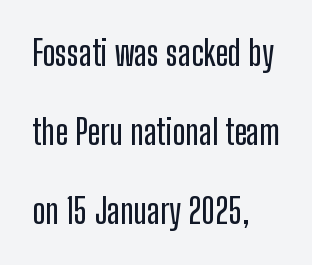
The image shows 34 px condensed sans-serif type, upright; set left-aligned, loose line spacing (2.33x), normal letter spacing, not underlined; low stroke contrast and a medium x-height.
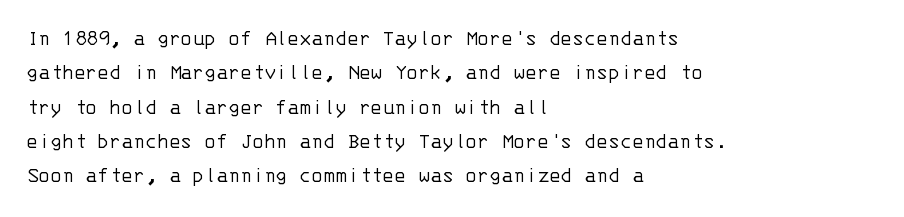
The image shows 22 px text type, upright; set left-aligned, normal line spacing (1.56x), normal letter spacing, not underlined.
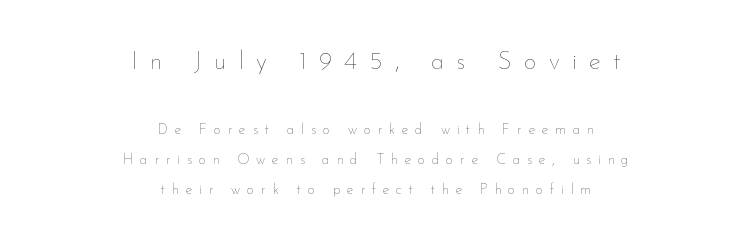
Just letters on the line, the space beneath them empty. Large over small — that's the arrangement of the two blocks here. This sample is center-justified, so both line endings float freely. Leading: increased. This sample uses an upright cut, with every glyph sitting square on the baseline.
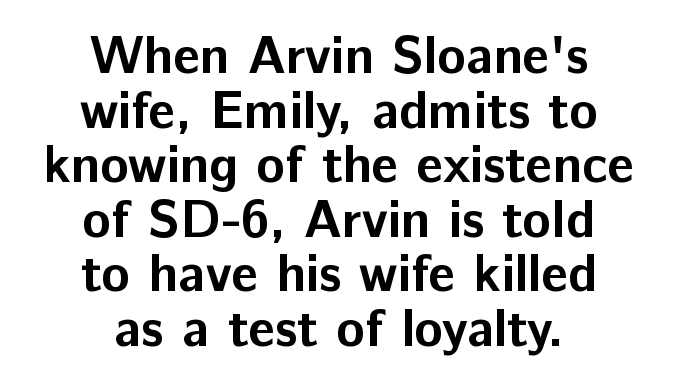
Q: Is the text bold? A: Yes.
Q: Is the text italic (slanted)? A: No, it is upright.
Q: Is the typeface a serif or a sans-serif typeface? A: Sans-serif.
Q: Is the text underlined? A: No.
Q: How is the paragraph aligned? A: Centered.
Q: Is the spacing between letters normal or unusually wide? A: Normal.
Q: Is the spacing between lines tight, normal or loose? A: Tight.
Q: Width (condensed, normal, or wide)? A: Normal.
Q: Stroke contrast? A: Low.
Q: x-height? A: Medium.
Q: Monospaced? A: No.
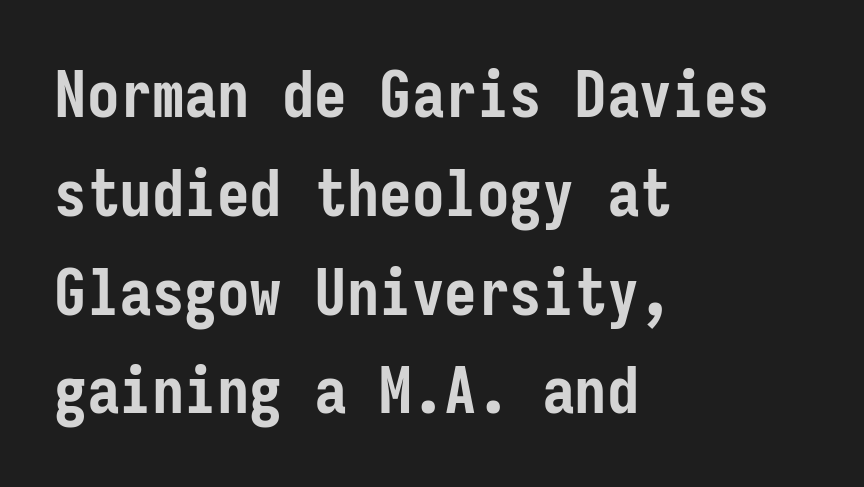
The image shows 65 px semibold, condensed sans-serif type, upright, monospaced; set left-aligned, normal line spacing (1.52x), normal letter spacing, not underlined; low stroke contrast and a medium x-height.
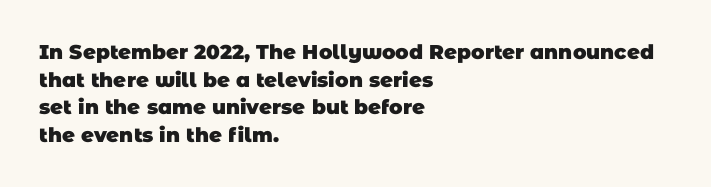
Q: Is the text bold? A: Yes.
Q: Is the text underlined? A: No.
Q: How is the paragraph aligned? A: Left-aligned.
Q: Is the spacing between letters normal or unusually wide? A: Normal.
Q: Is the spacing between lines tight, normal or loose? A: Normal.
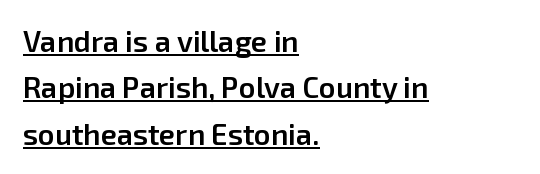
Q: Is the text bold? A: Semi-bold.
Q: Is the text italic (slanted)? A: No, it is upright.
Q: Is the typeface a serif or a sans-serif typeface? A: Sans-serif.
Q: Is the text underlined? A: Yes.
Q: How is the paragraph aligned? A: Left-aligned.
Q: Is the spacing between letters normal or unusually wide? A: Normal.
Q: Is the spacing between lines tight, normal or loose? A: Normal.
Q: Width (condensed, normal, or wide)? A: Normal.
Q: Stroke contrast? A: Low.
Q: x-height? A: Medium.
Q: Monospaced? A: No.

========

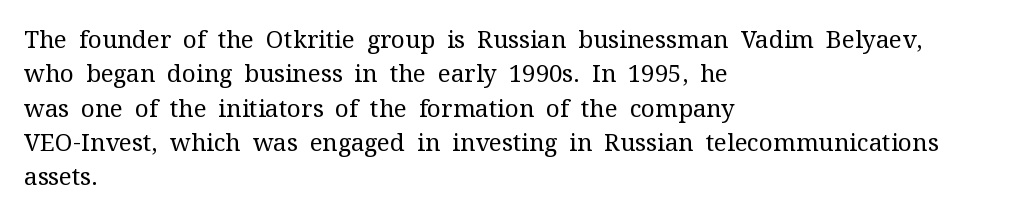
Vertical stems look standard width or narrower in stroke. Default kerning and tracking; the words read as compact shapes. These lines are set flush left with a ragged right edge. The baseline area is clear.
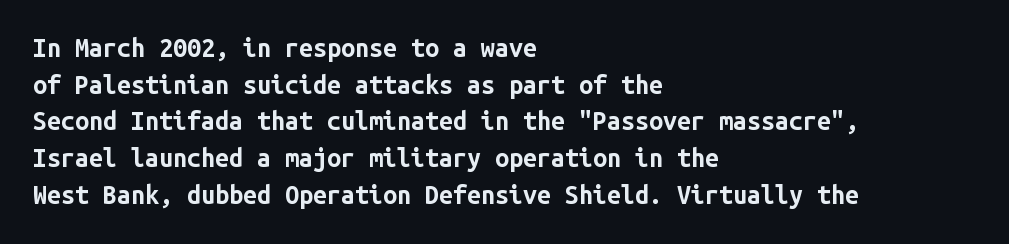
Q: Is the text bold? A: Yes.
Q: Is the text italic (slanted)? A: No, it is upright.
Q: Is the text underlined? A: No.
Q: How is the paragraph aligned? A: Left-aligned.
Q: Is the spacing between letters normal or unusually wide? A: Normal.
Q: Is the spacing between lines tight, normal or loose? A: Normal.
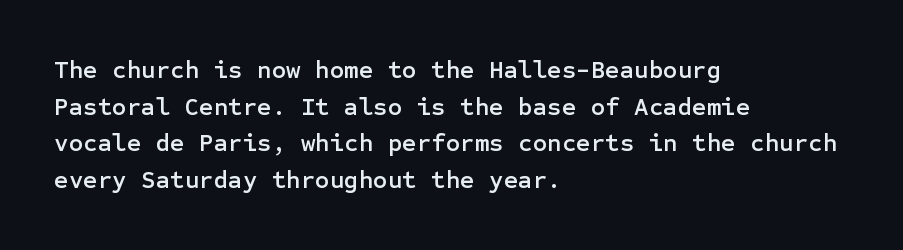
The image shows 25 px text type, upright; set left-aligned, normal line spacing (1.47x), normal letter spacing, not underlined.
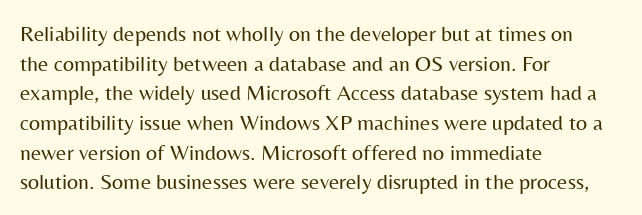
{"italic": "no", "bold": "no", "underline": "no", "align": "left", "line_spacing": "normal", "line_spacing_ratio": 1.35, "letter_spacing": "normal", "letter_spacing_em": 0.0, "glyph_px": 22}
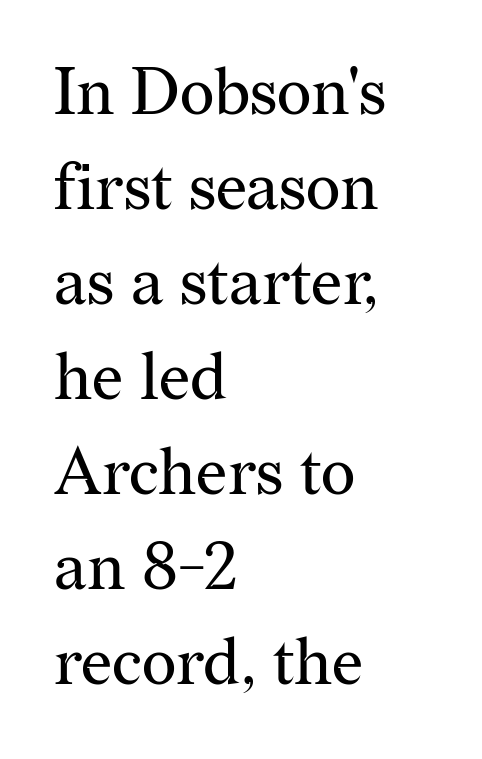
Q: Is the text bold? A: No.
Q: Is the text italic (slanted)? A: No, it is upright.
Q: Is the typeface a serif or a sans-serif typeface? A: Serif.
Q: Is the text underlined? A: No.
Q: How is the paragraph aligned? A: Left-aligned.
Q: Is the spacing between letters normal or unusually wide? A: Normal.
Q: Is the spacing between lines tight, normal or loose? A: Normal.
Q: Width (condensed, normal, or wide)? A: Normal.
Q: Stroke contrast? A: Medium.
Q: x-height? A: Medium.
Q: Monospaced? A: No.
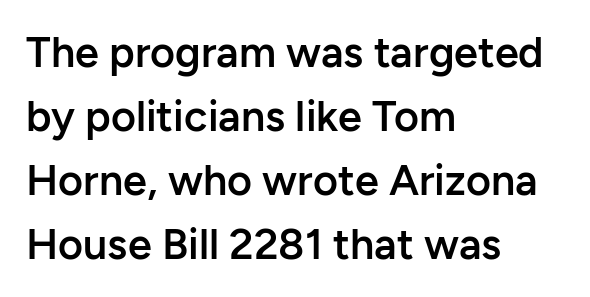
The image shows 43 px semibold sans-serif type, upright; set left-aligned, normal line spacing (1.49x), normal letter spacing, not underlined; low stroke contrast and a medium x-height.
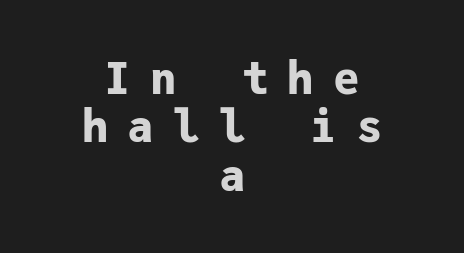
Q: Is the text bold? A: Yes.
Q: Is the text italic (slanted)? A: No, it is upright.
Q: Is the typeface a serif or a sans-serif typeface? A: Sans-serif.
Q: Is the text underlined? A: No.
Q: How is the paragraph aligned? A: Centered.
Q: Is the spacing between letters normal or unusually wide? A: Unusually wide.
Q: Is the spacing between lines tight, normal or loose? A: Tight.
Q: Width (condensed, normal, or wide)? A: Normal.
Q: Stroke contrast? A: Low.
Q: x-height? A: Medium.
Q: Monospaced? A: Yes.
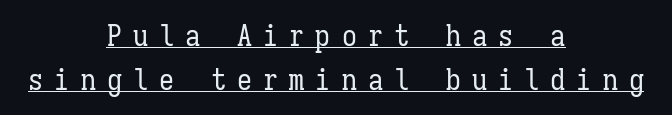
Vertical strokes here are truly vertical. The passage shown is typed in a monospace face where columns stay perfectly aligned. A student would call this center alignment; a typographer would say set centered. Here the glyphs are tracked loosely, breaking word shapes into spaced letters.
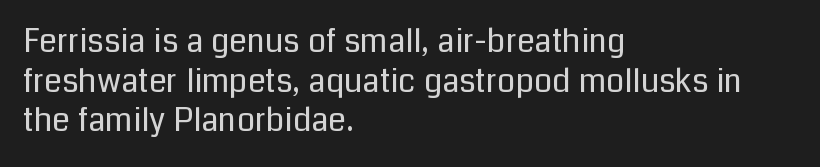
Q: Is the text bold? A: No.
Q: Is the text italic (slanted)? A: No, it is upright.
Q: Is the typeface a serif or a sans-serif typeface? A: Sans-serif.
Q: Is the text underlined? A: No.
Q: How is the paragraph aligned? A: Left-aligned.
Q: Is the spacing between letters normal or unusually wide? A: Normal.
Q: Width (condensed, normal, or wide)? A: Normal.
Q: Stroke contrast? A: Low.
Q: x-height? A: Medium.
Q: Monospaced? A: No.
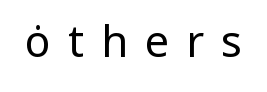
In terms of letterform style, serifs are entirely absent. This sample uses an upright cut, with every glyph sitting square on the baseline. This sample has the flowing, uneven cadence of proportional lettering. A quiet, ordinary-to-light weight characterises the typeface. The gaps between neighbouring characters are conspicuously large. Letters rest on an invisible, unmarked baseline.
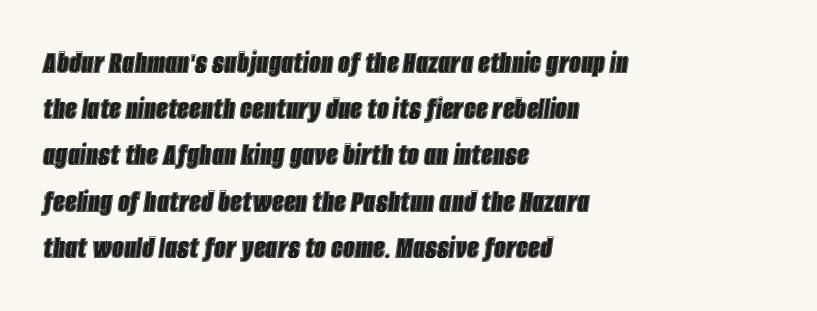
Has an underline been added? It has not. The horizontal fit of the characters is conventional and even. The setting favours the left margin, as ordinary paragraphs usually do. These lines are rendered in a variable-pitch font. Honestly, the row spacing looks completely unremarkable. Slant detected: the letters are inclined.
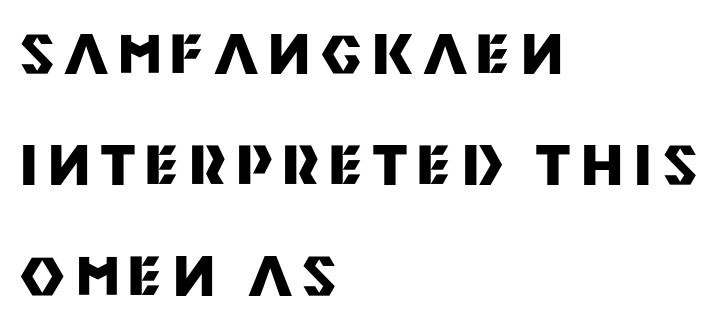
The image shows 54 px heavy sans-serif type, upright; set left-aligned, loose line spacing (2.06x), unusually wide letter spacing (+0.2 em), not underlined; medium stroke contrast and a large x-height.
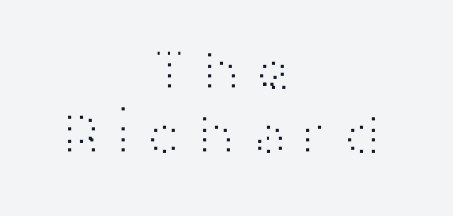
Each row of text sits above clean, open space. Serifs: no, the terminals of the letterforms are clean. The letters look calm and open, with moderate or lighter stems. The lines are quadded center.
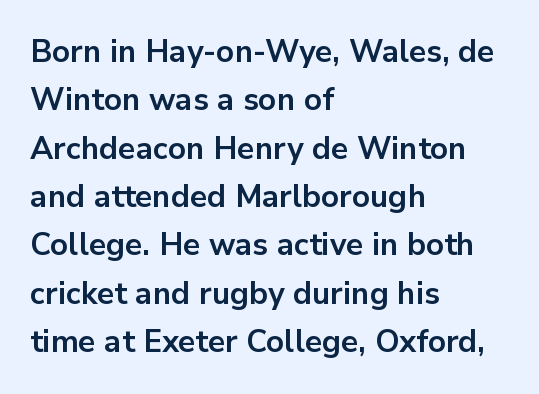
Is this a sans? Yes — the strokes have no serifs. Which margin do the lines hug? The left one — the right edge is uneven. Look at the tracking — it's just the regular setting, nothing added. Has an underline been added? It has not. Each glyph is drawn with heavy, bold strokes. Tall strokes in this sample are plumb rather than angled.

========

— ACTIVITY —
Out of the entries, report each line that contains the word "every".

— EXERCISE ANSWER —
Just letters on the line, the space beneath them empty. Large over small — that's the arrangement of the two blocks here. This sample is center-justified, so both line endings float freely. Leading: increased. This sample uses an upright cut, with every glyph sitting square on the baseline.
In terms of letterform style, serifs are entirely absent. This sample uses an upright cut, with every glyph sitting square on the baseline. This sample has the flowing, uneven cadence of proportional lettering. A quiet, ordinary-to-light weight characterises the typeface. The gaps between neighbouring characters are conspicuously large. Letters rest on an invisible, unmarked baseline.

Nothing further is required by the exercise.